Parental neglect, emotional, physical abuse can have a life-long impact on kids
The sad part is that these parents are not criminals, sociopaths or psychopaths.
One cannot imagine harming or hurting a child, leave alone fathom why some perpetrators are the parents of the child. Child abuse is not just corporal punishment, physical aggression or pain. It manifests in many forms. It is the verbal, psychological, emotional abuse and neglect that often leaves deeper scars. It can shatter a childhood and future life. It’s not just fractured ribs, violent shaking, bruised arms or burn marks — it’s sometimes even death. Yes, some parents even take the life of their own child.
The sad part is that these parents are not criminals, sociopaths or psychopaths. They are usually victims of severe abuse themselves, which perpetuates these acts. Most may have a mental health problem, an illness and in many cases are substance abusers.
Sometimes they may have circumstantial traumas, stressors and frustrations that are so grave that they feel that there is no other option or way. They feel trapped and helpless. Such parents may even commit suicide themselves. One thinks that these tragic acts happen only rarely or occur within lower socio-economic backgrounds, but the truth is that it can happen across any economic status, irrespective of race, religion, culture or financial status.
Emotional abuse: It’s the most common kind of abuse that can lead to psychological and mental health problems in children and adversely affect their development or academic progress. Their overall sense of self gets damaged.
Name-calling, verbally abusing, shaming, humiliating, insulting, negative comparisons and rejecting are some of the most harmful forms. Some parents tell their children that they are “mistakes” and call them worthless, bad, and no good. They’re bullied, threatened, emotionally blackmailed and also exposed to other forms of violence.
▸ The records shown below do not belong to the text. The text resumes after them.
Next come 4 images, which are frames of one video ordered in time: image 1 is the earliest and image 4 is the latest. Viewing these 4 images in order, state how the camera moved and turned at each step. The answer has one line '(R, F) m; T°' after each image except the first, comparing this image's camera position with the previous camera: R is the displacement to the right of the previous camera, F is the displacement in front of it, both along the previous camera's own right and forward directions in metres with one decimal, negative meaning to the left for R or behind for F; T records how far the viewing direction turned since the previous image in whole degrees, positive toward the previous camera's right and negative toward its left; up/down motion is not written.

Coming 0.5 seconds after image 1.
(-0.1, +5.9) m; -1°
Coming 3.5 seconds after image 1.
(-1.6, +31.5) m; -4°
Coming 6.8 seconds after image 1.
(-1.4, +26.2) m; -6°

Such children develop deep insecurities; they have very low self-worth, self-esteem and self-confidence. They find it difficult to trust people and maintain meaningful relationships. They feel unsafe, alone, and are highly prone to anxiety, panic attacks, depression and other mental health problems. Abused children cannot express emotions safely. As a result, their emotions get repressed and come out in unexpected ways.
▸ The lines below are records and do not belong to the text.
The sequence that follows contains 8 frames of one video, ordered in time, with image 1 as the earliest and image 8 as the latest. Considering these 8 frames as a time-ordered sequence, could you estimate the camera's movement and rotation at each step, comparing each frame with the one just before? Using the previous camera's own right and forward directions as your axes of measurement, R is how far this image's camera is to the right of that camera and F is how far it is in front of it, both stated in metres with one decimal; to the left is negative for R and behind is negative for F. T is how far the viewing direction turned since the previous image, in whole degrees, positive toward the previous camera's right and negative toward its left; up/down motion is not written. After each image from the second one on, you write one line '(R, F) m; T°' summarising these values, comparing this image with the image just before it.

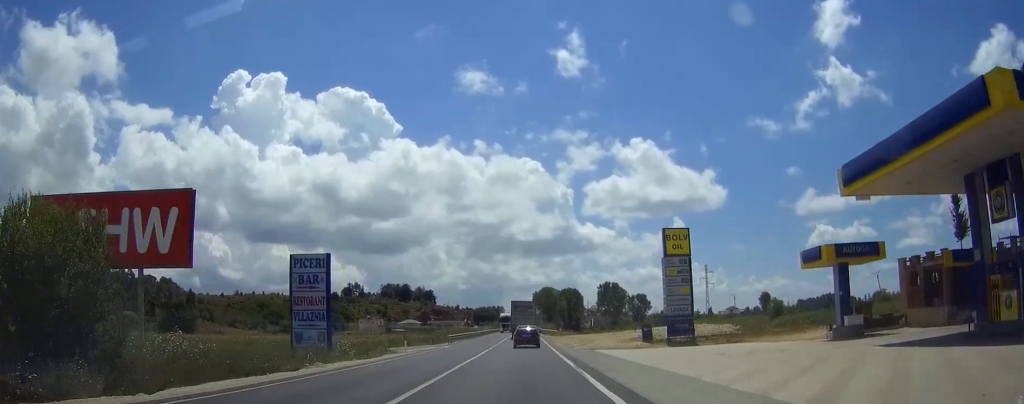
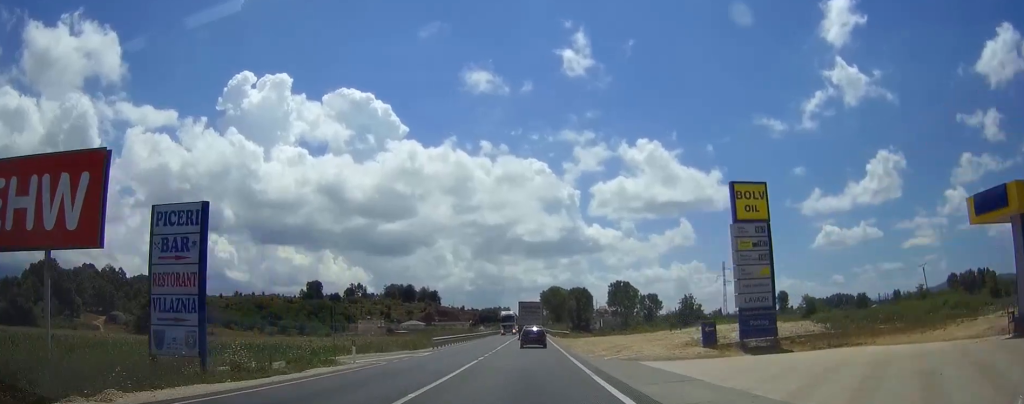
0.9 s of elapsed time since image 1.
(0.0, +14.2) m; 0°
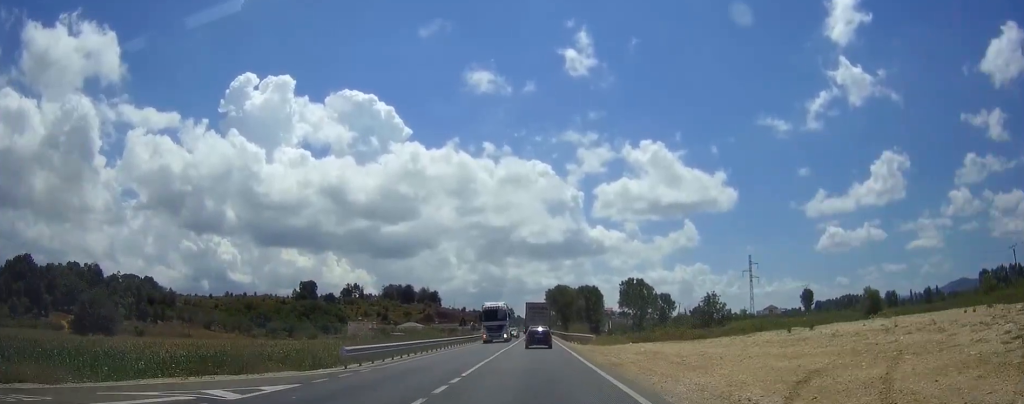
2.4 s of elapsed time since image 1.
(-0.2, +24.5) m; 0°
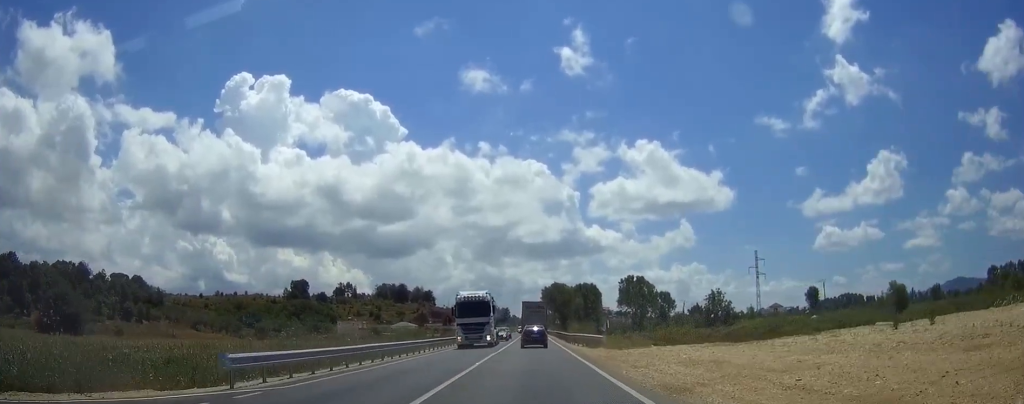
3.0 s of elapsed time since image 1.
(0.0, +9.8) m; 0°
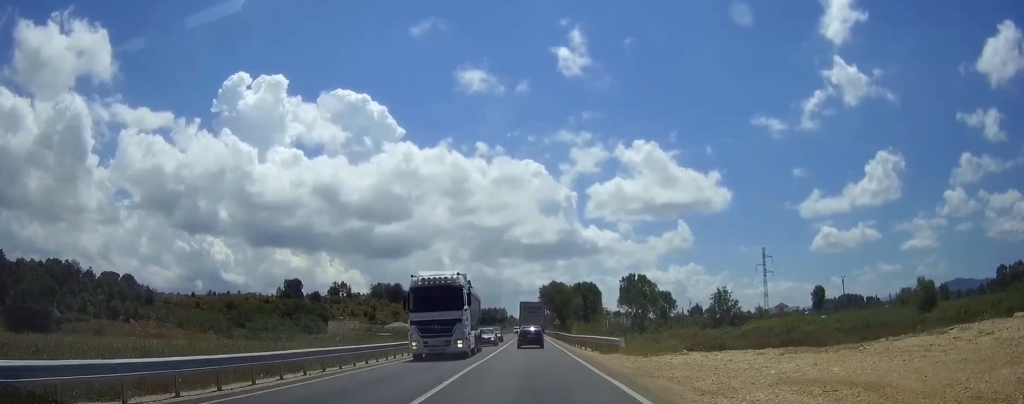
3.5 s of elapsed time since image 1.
(+0.1, +8.7) m; 0°
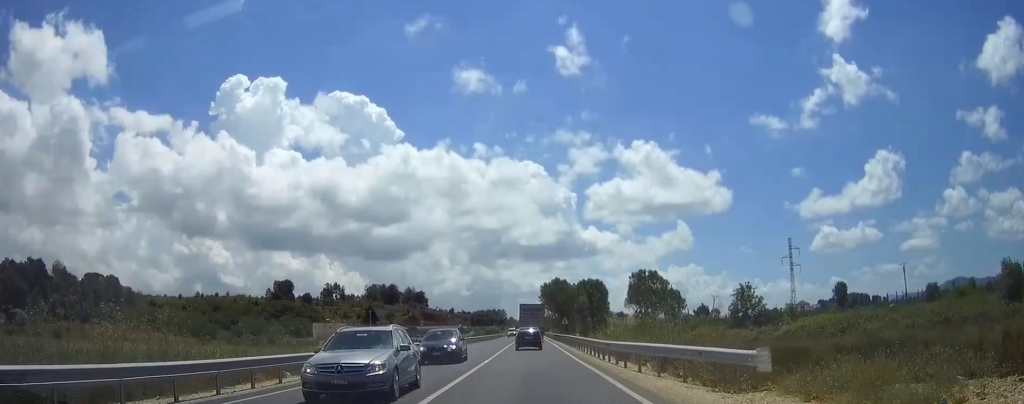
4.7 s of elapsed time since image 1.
(+0.1, +20.1) m; 0°
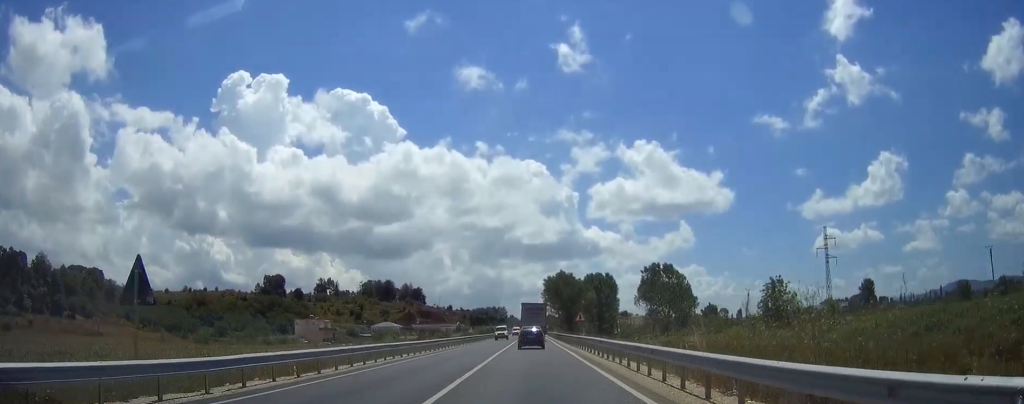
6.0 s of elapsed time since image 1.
(0.0, +20.7) m; 0°
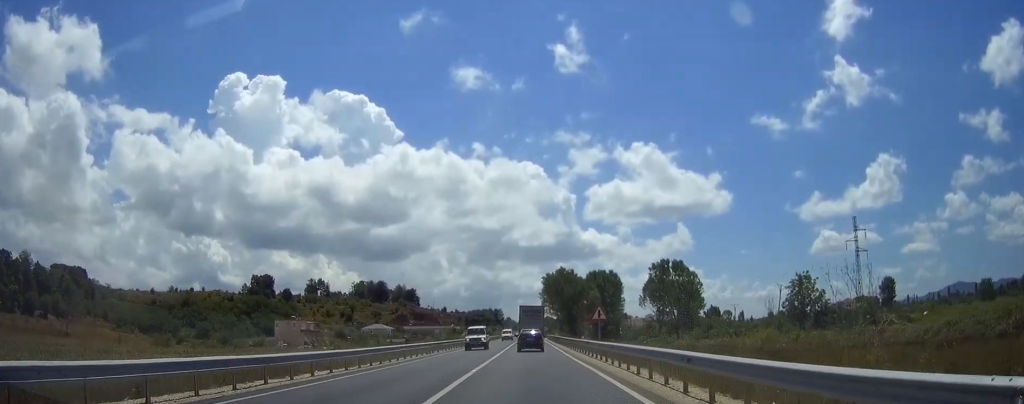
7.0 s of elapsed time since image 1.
(+0.1, +16.3) m; 0°

Anger management is a big problem for such children and some of them end up getting aggressive in their environment. Some may turn to alcohol or drugs to numb the painful feelings of the past.
Neglect: Many parents are unable to fulfil their children’s basic needs, such as clothing, food, nourishment and shelter. Such parents may be extremely troubled or afflicted by an untreated mental health disorder; or be substance abusers. Even basic supervision and security may not be present.
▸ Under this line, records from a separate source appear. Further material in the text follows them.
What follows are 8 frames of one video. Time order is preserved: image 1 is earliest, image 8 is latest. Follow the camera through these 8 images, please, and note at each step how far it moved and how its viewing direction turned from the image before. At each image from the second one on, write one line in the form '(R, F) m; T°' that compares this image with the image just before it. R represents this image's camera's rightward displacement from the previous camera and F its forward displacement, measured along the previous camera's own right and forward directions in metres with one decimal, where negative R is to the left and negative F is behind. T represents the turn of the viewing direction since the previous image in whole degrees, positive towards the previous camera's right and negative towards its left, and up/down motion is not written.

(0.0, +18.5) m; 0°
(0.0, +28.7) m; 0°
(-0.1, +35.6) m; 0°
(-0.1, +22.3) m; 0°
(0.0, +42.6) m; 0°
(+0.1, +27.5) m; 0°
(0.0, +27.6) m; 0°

Some parents just don't have basic parenting skills or empathy. There is no love, physical care, involvement or conversations. Children of such parents may in turn never know how to be good parents themselves.
Physical abuse: Some parents blur the line between discipline and punishment. They may also believe that this is the right way of behavioural management and do not see it as physical abuse. In such environments, the child grows up with a severe sense of unpredictability. The child never knows what is going to set the parent off. There is no structure, clear boundaries or rules. The child is constantly walking on eggshells, never sure what behaviour will trigger a physical assault.
Physically abusive parents act out of anger with the desire to assert control. There is no patience or navigating through discipline with explanations. Such parents use fear to control behaviour. Unfortunately, all the kids learn is that when they are frustrated or angry, they need to lash out physically.
However, they’re quick to learn how to protect themselves and avoid being hit. Some abused children when they grow up believe that corporal punishment is justified when they become parents.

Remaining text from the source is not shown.